If Scheer wants to stop being questioned on his views on gay marriage, he should offer an answer: Robyn Urback
'The country has moved on' does not explain how his own views have evolved
No doubt the Conservatives are frustrated that leader Andrew Scheer keeps getting the same question over and over on the campaign trail: Can you explain how your personal views on same-sex marriage have evolved since 2005?
Yet it apparently has not occurred to the party — or else, they prefer not to acknowledge — that the best way to get people to stop asking the question is to answer it. To really answer it.
Scheer has been asked to explain his personal evolution on LGBTQ rights multiple times: back in August, after the Liberals unearthed footage from 2005 of a young Scheer arguing against gay marriage in a speech in Parliament; in September, in the context of Liberal Leader Justin Trudeau offering his own apology for past behaviour; and earlier this week, in conversation with the CBC's Rosemary Barton.
Each time, the question is some variation on the following: How, and when, and why did your views on same-sex marriage shift?
And each time, Scheer offers up something that sounds like an answer but is really just a collection of banal observations about how Canadian society has evolved. It's like being asked what topping you want on your hamburger and responding with a dopey: "Yes, I like hamburgers."
'I've moved on'
Scheer's script is always the same: "My personal views are that every single Canadian has the same equality rights under the law."
"It is the law of the land. It's been settled in Canada."
"Society has moved on.

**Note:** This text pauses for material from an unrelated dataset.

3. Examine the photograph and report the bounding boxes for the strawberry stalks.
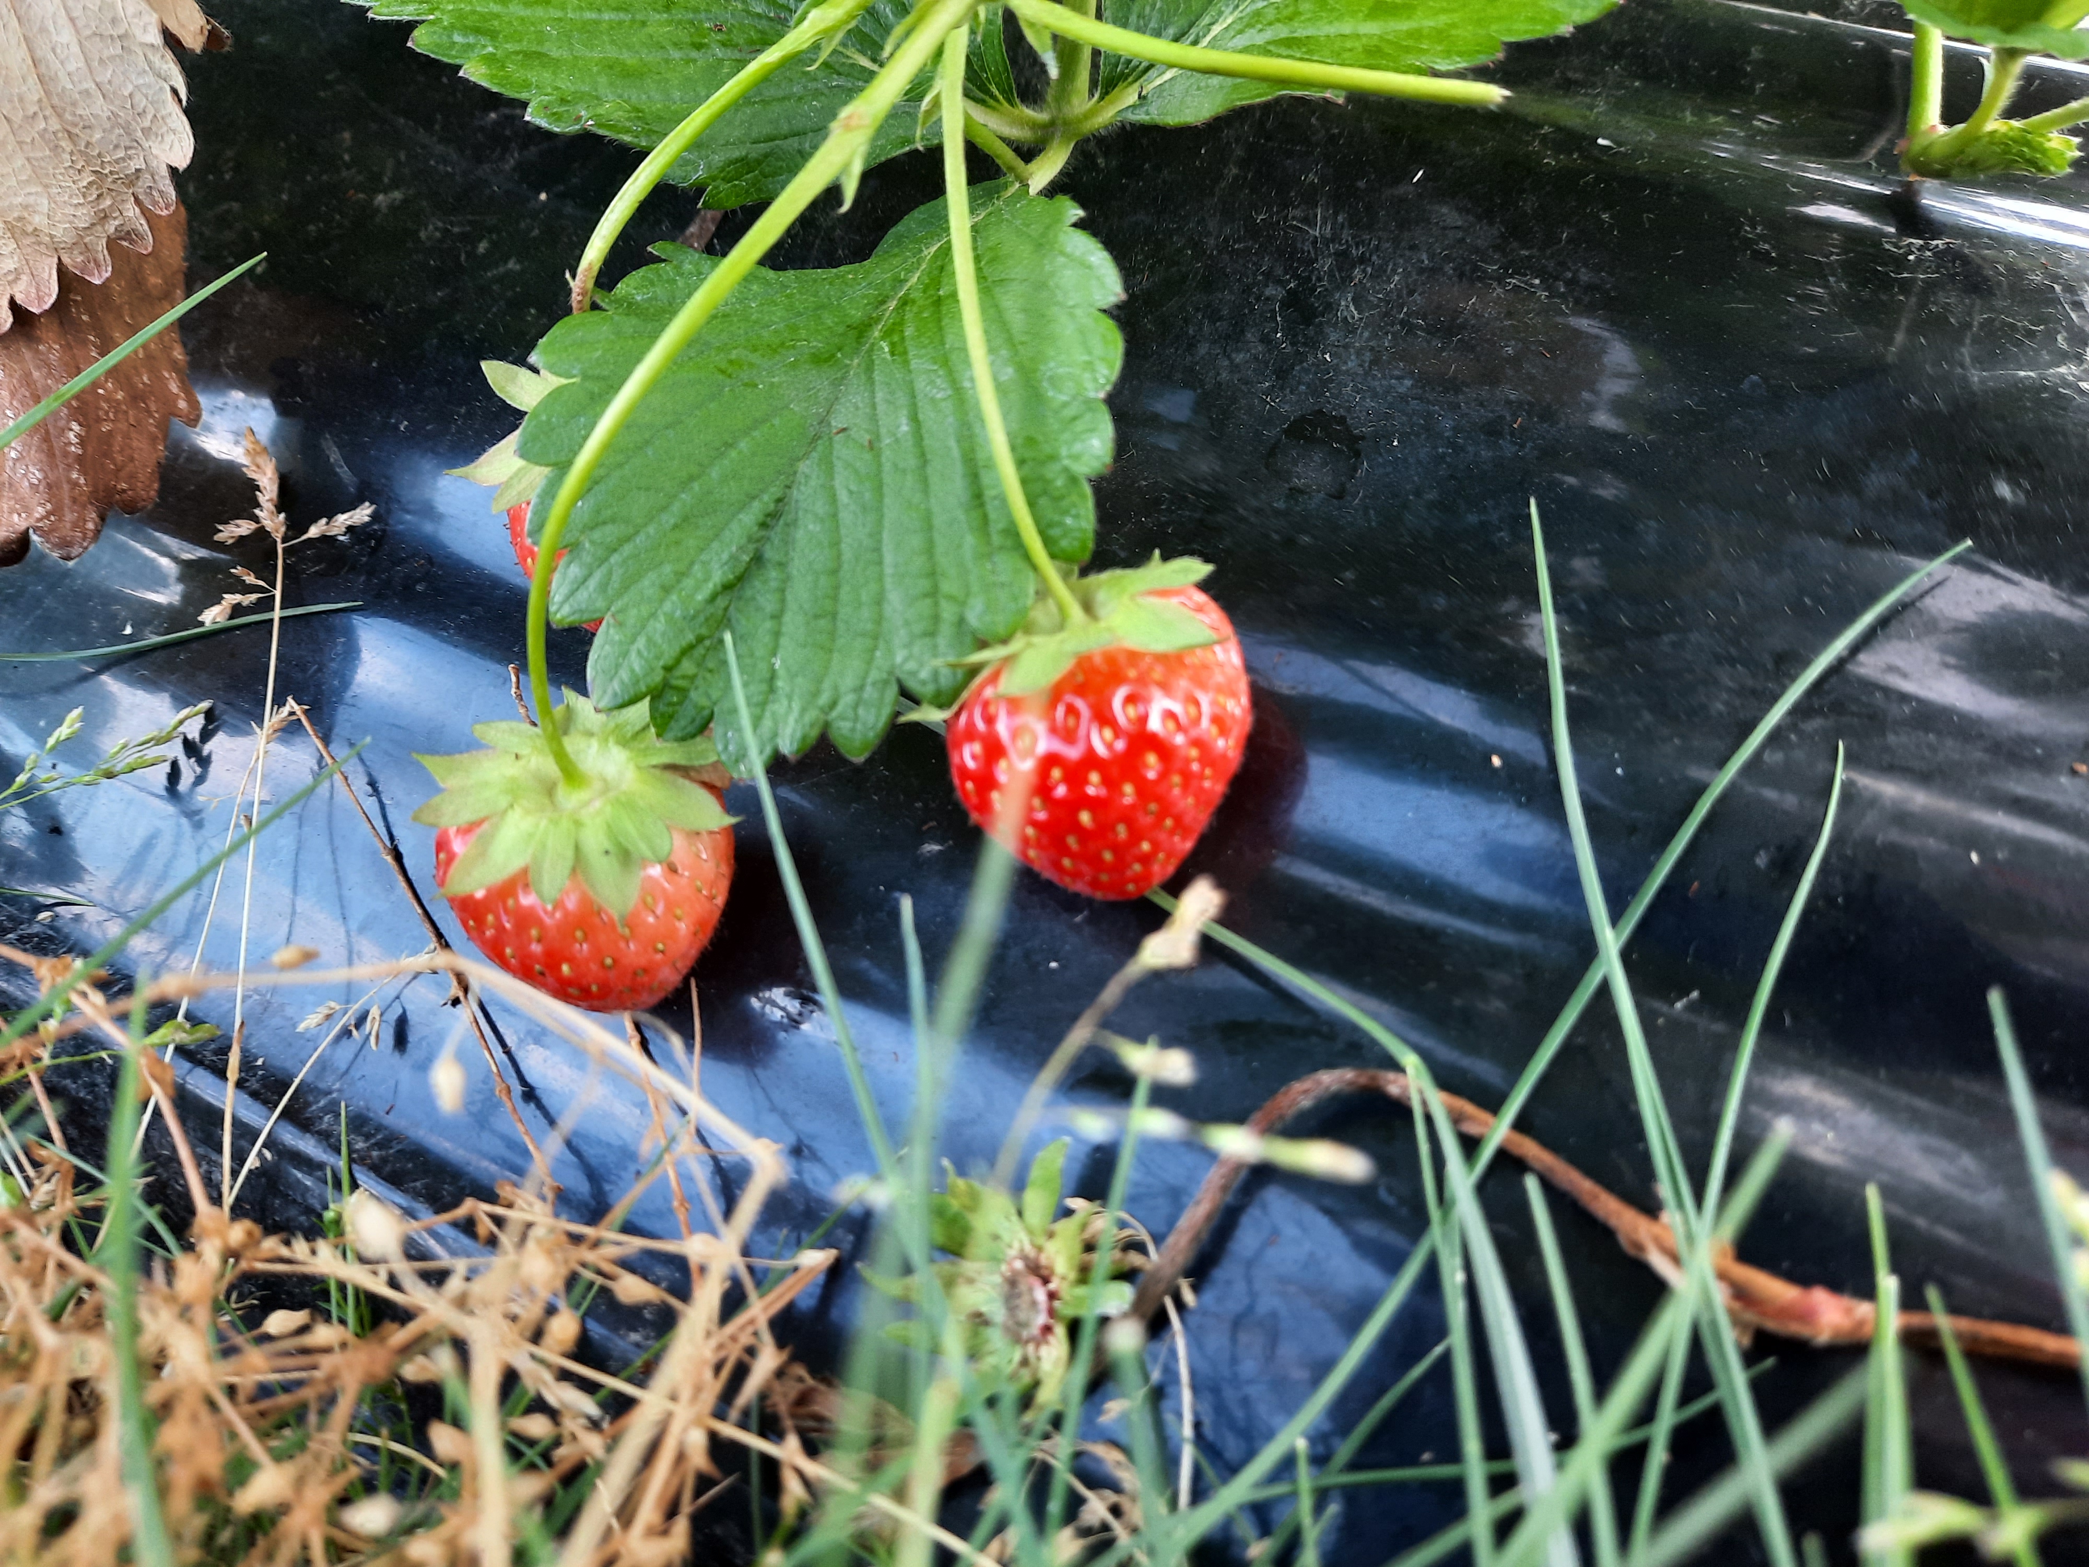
[519,410,629,814]
[935,85,1148,643]
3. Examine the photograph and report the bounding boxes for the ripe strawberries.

I've moved on."
"Yes, I like hamburgers."
The question, of course, is not about how our collective views on same-sex marriage have changed but how Scheer personally went from believing gay marriage was as weird and unnatural as calling a dog's tail a leg to thinking same-sex marriage is totally fine.
"I've moved on" is not an answer to this question. (And yes, I know, Trudeau has quite an affinity for this type of dodge also, but the whole purpose of being the "change" option is to convince Canadians you will be different.)
Conservatives would argue that Scheer's personal views on same-sex marriage shouldn't matter because he has promised that he will not reopen the debate. That is a fine perspective to take if your fixation is on how elections should be decided instead of recognizing how they are actually decided.
Part of the Liberals' get-out-the-vote strategy is very clearly to convince moderate voters that Scheer isn't worth the risk: that, sure, he says he won't reopen debates on social issues, but can you really believe him, especially when he won't go into detail about how his personal beliefs have changed? Scheer's obfuscation just plays into this narrative.
Just recently, the Conservative leader decided to be more forthright on his views on abortion. Speaking to reporters in New Brunswick Thursday, he confirmed that he is "personally pro-life" but that he will "ensure that we do not reopen this debate."
This was presumably an easier admission for Scheer given that the news that he is against abortion is hardly a revelation. It's also easier to defend a position when your stated justification is to preserve life as opposed to one where you're imposing your moral and religious beliefs on others simply to preserve an entrenched idea about the institution of marriage.
I don't actually know if Scheer still personally views it as wrong for two men or two women to marry. I don't know, because he won't say — which, in many people's minds, is just his clumsy way of saying he still views it as wrong (while conveniently denying his opponents the sound bite).
The Conservatives appear to have concluded that letting people make that assumption is preferable to Scheer actually providing a fulsome answer — an answer through which he could provide nuance, context and perhaps also explain how he grapples with conflicting religious doctrines that teach tolerance and acceptance but also intolerance of certain practices.
There are probably a good number of Canadians who could relate to that conflict.
There is no question the Liberals would weaponize whatever Scheer says, stripping out all of that nuance and context. But it's unlikely that it would be any worse than the image Scheer is projecting now: one of cageyness, suspicion and a brand of dogmatism he's too meek to own. In that light, it is difficult to see how Scheer's current strategy is the preferred option, especially since avoiding the question is the best guarantee that it will keep coming up.